With its strategic location, excellent road infrastructure, and a galaxy of educational and religious institutions such as the government owned Institute of Agricultural Research and Development (IRAD), the School of Agriculture of the University of Dschang, a National Polytechnic and catholic institutions such as the Saint Thomas Aquinas Major Seminary (STAM), a Nunnery called Capuchin Friars, two communities or Convents of Reverend Sisters, as well as the hospitality of the people, Bambui is metamorphosing into a metropolis, but without compromising its culture and cultural identity.

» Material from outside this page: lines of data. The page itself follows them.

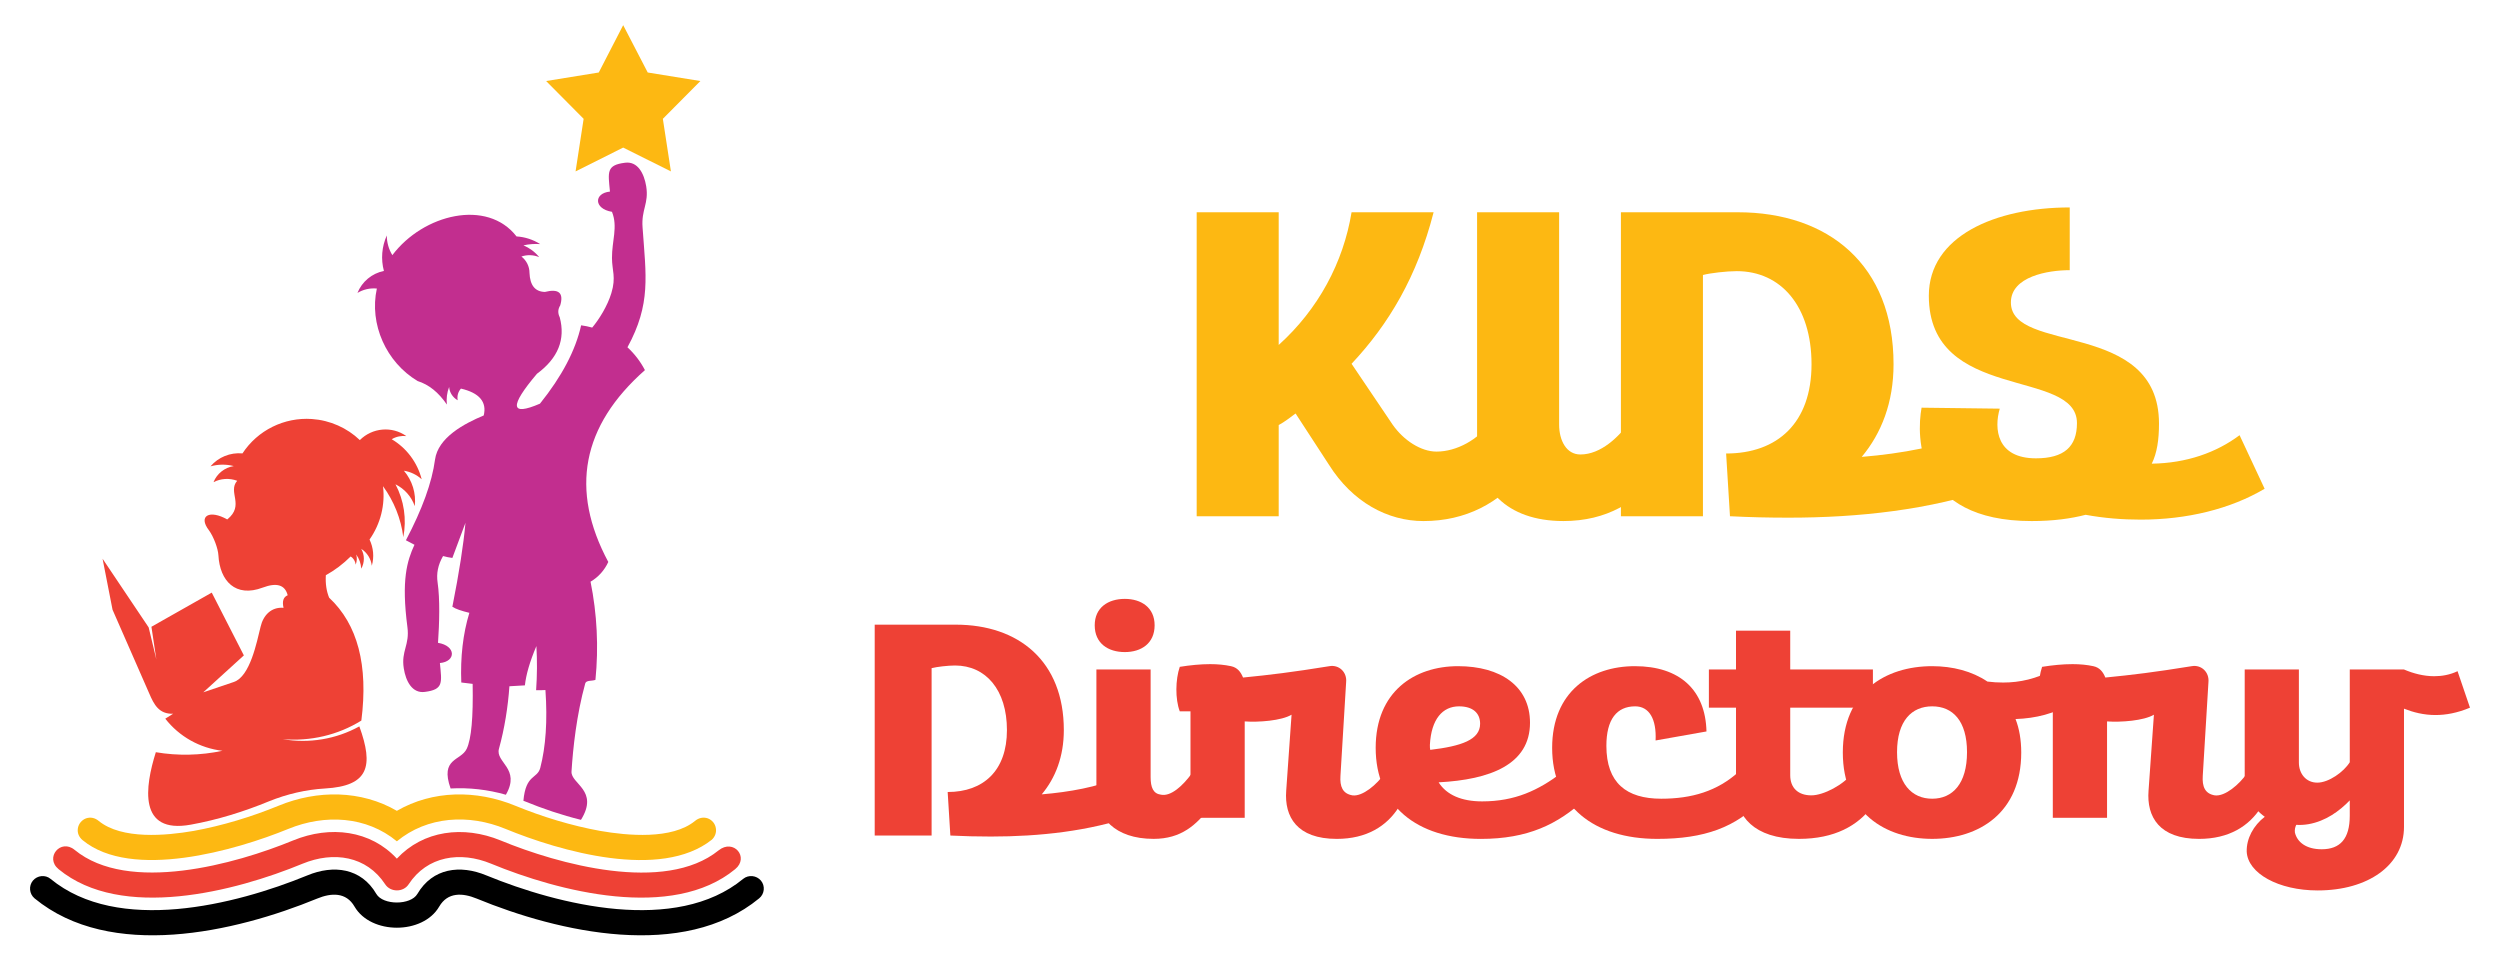 <?xml version="1.0" encoding="utf-8"?>
<!-- Generator: Adobe Illustrator 16.0.0, SVG Export Plug-In . SVG Version: 6.00 Build 0)  -->
<!DOCTYPE svg PUBLIC "-//W3C//DTD SVG 1.1//EN" "http://www.w3.org/Graphics/SVG/1.1/DTD/svg11.dtd">
<svg version="1.1" id="Calque_1" xmlns="http://www.w3.org/2000/svg" xmlns:xlink="http://www.w3.org/1999/xlink" x="0px" y="0px"
	 width="177px" height="68px" viewBox="0 0 177 68" enable-background="new 0 0 177 68" xml:space="preserve">
<g>
	<g>
		<g>
			<path fill="#FDB812" d="M101.703,31.973c1.435,0,2.972-0.854,3.86-2.118l2.255,3.655c-1.64,2.085-4.031,3.381-7.038,3.381
				c-2.528,0-5.022-1.332-6.696-3.996l-2.357-3.62c-0.375,0.272-0.751,0.58-1.195,0.818v6.457h-5.807V15.028h5.807v9.395
				c2.802-2.527,4.578-5.84,5.159-9.395h5.808c-1.162,4.544-3.177,7.926-5.808,10.728l2.903,4.303
				C99.38,31.186,100.61,31.973,101.703,31.973z"/>
			<path fill="#FDB812" d="M110.386,15.028v15.03c0,1.127,0.512,2.119,1.503,2.119c1.468,0,2.732-1.264,3.483-2.289l1.982,3.723
				c-1.435,1.914-3.587,3.279-6.662,3.279c-4.066,0-6.115-2.356-6.115-5.5V15.028H110.386z"/>
			<path fill="#FDB812" d="M131.809,32.348c2.869-0.239,5.636-0.752,7.926-1.708l1.469,3.894c-4.578,1.572-9.601,2.117-14.588,2.117
				c-1.401,0-2.767-0.032-4.134-0.102l-0.273-4.441c3.655,0,6.047-2.187,6.047-6.319c0-4.099-2.153-6.592-5.295-6.592
				c-0.718,0-1.88,0.135-2.393,0.272V36.55h-5.807V15.028h8.267c6.423,0,11.035,3.725,11.035,10.761
				C134.063,28.487,133.209,30.674,131.809,32.348z"/>
			<path fill="#FDB812" d="M142.371,21.416c0,3.657,10.486,1.197,10.486,8.576c0,1.127-0.137,2.084-0.513,2.836
				c2.461-0.034,4.578-0.786,6.218-2.016l1.774,3.792c-2.422,1.435-5.498,2.186-8.777,2.186c-1.297,0-2.597-0.103-3.896-0.342
				c-1.059,0.273-2.289,0.443-3.825,0.443c-8.2,0-8.165-5.978-7.79-8.027l5.535,0.069c-0.411,1.399-0.24,3.517,2.563,3.517
				c1.98,0,2.903-0.819,2.903-2.493c0-3.928-10.488-1.435-10.488-9.019c0-4.202,4.681-6.251,9.976-6.251v4.441
				C145.001,19.128,142.371,19.572,142.371,21.416z"/>
		</g>
		<g>
			<path fill="#EE4135" d="M73.755,56.24c1.99-0.166,3.91-0.521,5.499-1.184l1.019,2.7c-3.177,1.091-6.66,1.471-10.12,1.471
				c-0.972,0-1.92-0.024-2.868-0.071l-0.19-3.082c2.537,0,4.196-1.516,4.196-4.384c0-2.845-1.493-4.573-3.674-4.573
				c-0.497,0-1.304,0.094-1.659,0.188v11.851h-4.029V44.226h5.735c4.456,0,7.655,2.582,7.655,7.465
				C75.319,53.563,74.727,55.08,73.755,56.24z"/>
			<path fill="#EE4135" d="M79.638,42.401c1.162,0,2.109,0.614,2.109,1.87c0,1.281-0.948,1.896-2.109,1.896
				c-1.184,0-2.132-0.614-2.132-1.896C77.506,43.016,78.454,42.401,79.638,42.401z M81.464,47.4v7.608
				c0,0.76,0.189,1.185,0.734,1.256c0.711,0.141,1.541-0.639,2.156-1.469l1.352,2.299c-0.996,1.326-2.086,2.298-4.029,2.298
				c-2.773,0-4.052-1.54-4.052-3.342V47.4H81.464z"/>
			<path fill="#EE4135" d="M85.684,47.021c0.522,0,1.02,0.047,1.47,0.144c0.451,0.094,0.688,0.401,0.854,0.805
				c1.919-0.189,3.484-0.379,6.114-0.805c0.687-0.119,1.256,0.426,1.184,1.137l-0.402,6.636c-0.048,0.733,0.142,1.256,0.853,1.374
				c0.71,0.094,1.729-0.758,2.299-1.587l0.996,2.393c-0.854,1.375-2.3,2.275-4.409,2.275c-2.82,0-3.72-1.564-3.579-3.413l0.379-5.38
				c-0.71,0.428-2.346,0.547-3.317,0.476c0,1.374,0,5.45,0,6.824h-3.839v-7.536h-0.759c-0.332-0.877-0.308-2.251,0-3.152
				C84.264,47.094,84.998,47.021,85.684,47.021z"/>
			<path fill="#EE4135" d="M97.398,52.946c0-3.981,2.749-5.781,5.83-5.781c3.01,0,5.096,1.42,5.096,4.004
				c0,2.961-2.82,4.03-6.47,4.22c0.569,0.899,1.635,1.349,3.081,1.349c2.323,0,3.982-0.78,5.64-2.037l1.684,1.849
				c-1.968,1.825-4.1,2.844-7.419,2.844C100.289,59.393,97.398,57.023,97.398,52.946z M104.792,51.24
				c0-0.76-0.521-1.231-1.493-1.231c-1.161,0-1.967,0.9-2.063,2.725c0,0.142,0,0.26,0.024,0.356
				C103.465,52.827,104.792,52.378,104.792,51.24z"/>
			<path fill="#EE4135" d="M115.747,47.165c3.175,0,5,1.681,5.072,4.622l-3.603,0.638c0.071-1.516-0.45-2.416-1.446-2.416
				c-1.304,0-2.038,0.923-2.038,2.796c0,2.631,1.421,3.744,3.886,3.744c2.132,0,3.981-0.521,5.522-1.943l1.635,1.991
				c-1.849,1.99-4.124,2.796-7.441,2.796c-4.479,0-7.442-2.321-7.442-6.446C109.893,48.965,112.642,47.165,115.747,47.165z"/>
			<path fill="#EE4135" d="M126.748,44.651V47.4h5.854v2.702h-5.854v4.787c0,0.9,0.567,1.422,1.493,1.422
				c0.877,0,2.299-0.758,2.916-1.587l1.374,2.393c-0.995,1.327-2.63,2.275-5.166,2.275c-3.223,0-4.456-1.657-4.456-3.46v-5.83h-1.92
				V47.4h1.92v-2.749H126.748z"/>
			<path fill="#EE4135" d="M136.799,47.165c1.446,0,2.82,0.354,3.911,1.09c0.379,0.047,0.733,0.069,1.113,0.069
				c1.186,0,2.347-0.26,3.602-0.924l1.257,2.372c-1.186,0.757-2.56,1.088-3.982,1.137c0.261,0.663,0.404,1.469,0.404,2.369
				c0,4.265-2.986,6.114-6.305,6.114c-3.316,0-6.327-1.85-6.327-6.114C130.472,48.989,133.482,47.165,136.799,47.165z
				 M134.311,53.255c0,2.228,1.044,3.294,2.488,3.294c1.446,0,2.466-1.066,2.466-3.294s-1.02-3.246-2.466-3.246
				C135.354,50.009,134.311,51.027,134.311,53.255z"/>
			<path fill="#EE4135" d="M146.736,47.021c0.521,0,1.02,0.047,1.469,0.144c0.449,0.094,0.688,0.401,0.853,0.805
				c1.921-0.189,3.484-0.379,6.114-0.805c0.688-0.119,1.255,0.426,1.186,1.137l-0.403,6.636c-0.045,0.733,0.142,1.256,0.853,1.374
				c0.713,0.094,1.731-0.758,2.3-1.587l0.995,2.393c-0.853,1.375-2.297,2.275-4.407,2.275c-2.82,0-3.721-1.564-3.579-3.413
				l0.38-5.38c-0.711,0.428-2.346,0.547-3.318,0.476c0,1.374,0,5.45,0,6.824h-3.84v-7.536h-0.758c-0.331-0.877-0.308-2.251,0-3.152
				C145.313,47.094,146.049,47.021,146.736,47.021z"/>
			<path fill="#EE4135" d="M158.923,47.4h3.838v6.589c0,0.781,0.498,1.422,1.305,1.422s1.872-0.758,2.298-1.446V47.4h3.838
				c0.665,0.285,1.4,0.476,2.136,0.476c0.543,0,1.113-0.096,1.656-0.356l0.88,2.583c-0.901,0.378-1.707,0.521-2.442,0.521
				c-0.829,0-1.564-0.189-2.229-0.45v8.366c0,2.726-2.557,4.503-6.111,4.503c-2.773,0-4.955-1.209-5.025-2.75
				c-0.023-0.923,0.475-1.849,1.278-2.465c-0.852-0.615-1.42-1.563-1.42-2.797V47.4z M162.479,58.942
				c0.163,0.688,0.804,1.186,1.896,1.186c1.302,0,1.988-0.735,1.988-2.371c0-0.308,0-0.805,0-1.09
				c-0.733,0.759-1.707,1.47-2.914,1.683c-0.285,0.048-0.592,0.071-0.877,0.048C162.5,58.563,162.454,58.729,162.479,58.942z"/>
		</g>
	</g>
	<g>
		<g>
			<path fill-rule="evenodd" clip-rule="evenodd" d="M2.446,63.603c5.376,4.418,14.168,2.416,20.008,0.017
				c0.99-0.408,2.051-0.472,2.648,0.569c1.16,1.991,4.833,1.991,5.992,0c0.606-1.041,1.657-0.978,2.657-0.569
				c5.83,2.399,14.631,4.401,19.998-0.017c0.384-0.313,0.438-0.881,0.126-1.255c-0.313-0.372-0.875-0.434-1.258-0.125
				c-4.761,3.921-13.053,1.86-18.188-0.247c-1.846-0.767-3.799-0.525-4.878,1.313c-0.473,0.811-2.434,0.811-2.907,0
				c-1.069-1.839-3.031-2.08-4.877-1.313c-5.136,2.107-13.419,4.168-18.189,0.247c-0.374-0.309-0.937-0.247-1.248,0.125
				C2.019,62.722,2.072,63.289,2.446,63.603L2.446,63.603z"/>
			<path fill-rule="evenodd" clip-rule="evenodd" fill="#EE4135" d="M4.15,61.539c4.449,3.663,12.5,1.583,17.279-0.392
				c2.185-0.896,4.521-0.55,5.84,1.458c0.375,0.578,1.284,0.578,1.658,0.009c1.32-2.017,3.665-2.363,5.84-1.467
				c4.788,1.975,12.83,4.055,17.28,0.392c1.025-0.836-0.107-2.186-1.169-1.333c-3.815,3.083-11.386,0.97-15.433-0.702
				c-2.64-1.083-5.484-0.711-7.348,1.288c-1.854-2.008-4.707-2.371-7.346-1.288C16.695,61.176,9.09,63.3,5.282,60.17
				C4.292,59.354,3.151,60.723,4.15,61.539L4.15,61.539z"/>
			<path fill-rule="evenodd" clip-rule="evenodd" fill="#FDB812" d="M5.853,59.487c3.468,2.852,10.851,0.719,14.56-0.8
				c2.604-1.066,5.537-0.899,7.685,0.878c2.15-1.777,5.091-1.955,7.696-0.878c3.843,1.58,10.984,3.644,14.604,0.764
				c0.222-0.205,0.339-0.508,0.285-0.811c-0.045-0.319-0.268-0.586-0.571-0.7c-0.32-0.108-0.642-0.036-0.9,0.178
				c-1.632,1.341-4.788,1.047-6.713,0.711c-2.033-0.366-4.12-1.005-6.028-1.788c-2.745-1.128-5.84-1.103-8.373,0.366
				c-2.522-1.469-5.625-1.494-8.363-0.366c-1.908,0.783-4.003,1.422-6.028,1.788c-1.934,0.336-5.091,0.63-6.723-0.711
				c-0.258-0.214-0.571-0.286-0.891-0.178c-0.304,0.114-0.526,0.381-0.579,0.7C5.46,58.979,5.594,59.273,5.853,59.487L5.853,59.487z
				"/>
			<path fill="#EE4135" d="M15.464,39.317c0.098,1.813,1.212,3.014,3.138,2.284c0.99-0.372,1.579-0.194,1.766,0.543
				c-0.303,0.123-0.402,0.418-0.294,0.889c-0.874-0.071-1.436,0.534-1.623,1.334c-0.268,1.074-0.74,3.537-1.9,3.918l-2.158,0.73
				l2.872-2.613l-2.273-4.445l-4.271,2.418l0.348,2.311l-0.544-2.266l-3.263-4.862l0.705,3.608l2.594,5.919
				c0.339,0.794,0.688,1.478,1.694,1.449l-0.553,0.348c0.99,1.271,2.453,2.088,4.048,2.274c-1.551,0.33-3.156,0.366-4.717,0.1
				c-0.767,2.443-1.275,5.813,2.478,5.129c1.882-0.339,3.772-0.925,5.538-1.655c1.275-0.514,2.612-0.827,3.958-0.905
				c3.103-0.178,3.459-1.574,2.435-4.398c-1.658,0.914-3.566,1.225-5.431,0.905c1.953,0.167,3.906-0.283,5.573-1.316
				c0.5-3.912-0.258-6.809-2.282-8.702c-0.188-0.461-0.268-0.986-0.232-1.591c0.633-0.348,1.222-0.792,1.757-1.325
				c0.205,0.125,0.33,0.339,0.356,0.578c0.089-0.23,0.107-0.489,0.036-0.72c0.213,0.293,0.338,0.64,0.356,1.005
				c0.249-0.436,0.249-0.969,0-1.404c0.419,0.267,0.695,0.711,0.749,1.199c0.178-0.622,0.115-1.28-0.16-1.857
				c0.784-1.119,1.114-2.462,0.954-3.777c0.775,1.066,1.275,2.303,1.436,3.607c0.249-1.27,0.053-2.595-0.553-3.741
				c0.642,0.32,1.132,0.871,1.365,1.548c0.107-0.908-0.179-1.814-0.767-2.508c0.463,0.071,0.908,0.284,1.257,0.604
				c-0.304-1.19-1.071-2.213-2.122-2.835c0.312-0.188,0.677-0.258,1.034-0.223c-1.016-0.721-2.408-0.596-3.291,0.284
				c-0.899-0.862-2.104-1.404-3.396-1.493c-1.961-0.134-3.842,0.8-4.913,2.435c-0.864-0.079-1.711,0.267-2.264,0.917
				c0.535-0.151,1.105-0.161,1.648-0.019c-0.642,0.099-1.194,0.533-1.435,1.139c0.518-0.267,1.124-0.303,1.676-0.099
				c-0.695,0.8,0.553,1.733-0.704,2.738c-1.248-0.711-2.086-0.259-1.292,0.772C15.126,38.002,15.438,38.837,15.464,39.317
				L15.464,39.317z"/>
			<path fill="#C22E8F" d="M44.424,24.589c1.677-3.076,1.312-5.05,1.07-8.48c-0.099-1.289,0.454-1.681,0.258-2.917
				c-0.15-0.915-0.605-1.786-1.496-1.671c-1.338,0.169-1.205,0.649-1.071,2.044c-1.142,0.107-1.159,1.218,0.143,1.432
				c0.429,1.067-0.009,2.063,0,3.271c0,0.88,0.304,1.351-0.045,2.489c-0.275,0.907-0.864,1.849-1.354,2.436
				c-0.259-0.072-0.518-0.125-0.785-0.161c-0.393,1.77-1.364,3.618-2.915,5.547c-2.104,0.907-2.176,0.204-0.214-2.115
				c1.497-1.103,2.033-2.436,1.614-4c-0.144-0.293-0.135-0.569,0.035-0.844c0.259-0.88-0.098-1.2-1.088-0.951
				c-0.695-0.018-1.052-0.471-1.088-1.351c0-0.453-0.214-0.88-0.571-1.156c0.411-0.142,0.856-0.124,1.259,0.044
				c-0.295-0.364-0.679-0.649-1.115-0.835c0.393-0.089,0.785-0.116,1.186-0.089c-0.508-0.32-1.079-0.507-1.676-0.543
				c-2.078-2.685-6.599-1.582-8.792,1.325c-0.259-0.418-0.393-0.898-0.393-1.396c-0.356,0.792-0.429,1.68-0.205,2.515
				c-0.848,0.169-1.552,0.756-1.873,1.556c0.41-0.249,0.892-0.355,1.373-0.311c-0.553,2.525,0.668,5.227,2.889,6.551
				c0.793,0.249,1.479,0.8,2.068,1.663c-0.045-0.427,0.008-0.853,0.16-1.245c0.026,0.392,0.259,0.747,0.606,0.942
				c-0.054-0.293,0.026-0.604,0.231-0.826c1.302,0.302,1.846,0.943,1.613,1.902c-1.381,0.577-3.235,1.557-3.449,3.128
				c-0.215,1.619-0.909,3.521-2.061,5.708c0.196,0.106,0.401,0.213,0.606,0.319c-0.526,1.146-0.937,2.481-0.499,5.83
				c0.17,1.28-0.454,1.681-0.258,2.916c0.142,0.916,0.597,1.788,1.488,1.672c1.338-0.17,1.204-0.647,1.07-2.044
				c1.149-0.106,1.158-1.219-0.134-1.431c0.098-1.38,0.143-3.112-0.027-4.259c-0.098-0.658,0.027-1.262,0.384-1.885
				c0.231,0.063,0.445,0.107,0.66,0.134c0.196-0.524,0.508-1.352,0.927-2.489c-0.134,1.529-0.445,3.512-0.927,5.947
				c0.249,0.16,0.65,0.293,1.203,0.428c-0.454,1.491-0.642,3.146-0.571,4.932l0.804,0.098c0.044,2.365-0.09,3.896-0.42,4.596
				c-0.41,0.871-1.908,0.641-1.142,2.81c1.312-0.072,2.64,0.078,3.915,0.444c1.069-1.857-0.759-2.285-0.491-3.254
				c0.393-1.411,0.644-2.996,0.74-4.427c0.366-0.017,0.731-0.036,1.097-0.063c0.08-0.753,0.349-1.687,0.813-2.78
				c0.063,1.039,0.053,2.08-0.019,3.121c0.223,0.009,0.445,0,0.66-0.011c0.151,2.169,0.026,4.01-0.366,5.512
				c-0.213,0.8-1.024,0.426-1.194,2.33c0.026,0.006,0.063,0.025,0.089,0.033c1.284,0.525,2.621,0.98,3.986,1.316
				c1.301-2.088-0.723-2.543-0.669-3.421c0.106-1.672,0.356-4.002,0.972-6.24c0.071-0.241,0.49-0.152,0.722-0.25
				c0.232-2.318,0.116-4.667-0.347-6.95c0.553-0.321,0.989-0.811,1.257-1.396c-2.738-5.111-1.872-9.636,2.594-13.583
				C45.343,25.593,44.924,25.05,44.424,24.589L44.424,24.589z"/>
		</g>
		<polygon fill-rule="evenodd" clip-rule="evenodd" fill="#FDB812" points="44.121,1.781 45.859,5.133 49.586,5.737 46.93,8.413 
			47.501,12.136 44.121,10.448 40.75,12.136 41.321,8.413 38.665,5.737 42.392,5.133 		"/>
	</g>
</g>
</svg>

Culturally and administratively, Bambui has been a fondom in its own right for nearly 400 years.[1] Ruled by a Paramount Chief and made up of the sub-chiefdoms of Manju, Mallam, Matulaah, Fingeh, and Alaakubeh, the people of Bambui trace their ancestry to the Tikar tribe, which originated from the Adamawa, North and Far North Regions of present day Cameroon. Like most Bamenda grassfield fondoms, the people of Bambui migrated to their present location in waves, and led by princes or family heads who had the desire of setting up their own dynasties. The first arrivals were the people of Manju, Matulaah and Mallam who as descendants of the same family were led by their own family heads or princes. The people of Alaakubeh and Fingeh sub-chiefdoms on the other hand, migrated to Bambui much later in the 20th century from Santa sub-Division and Kom in Boyo Division following chieftaincy and/or land disputes between them and their ancestral homes. In fact, the people of Alaakubeh and Fingeh were offered residence in Bambui by the late Fon Amungwafor II who ruled the fondom from 1947-1995.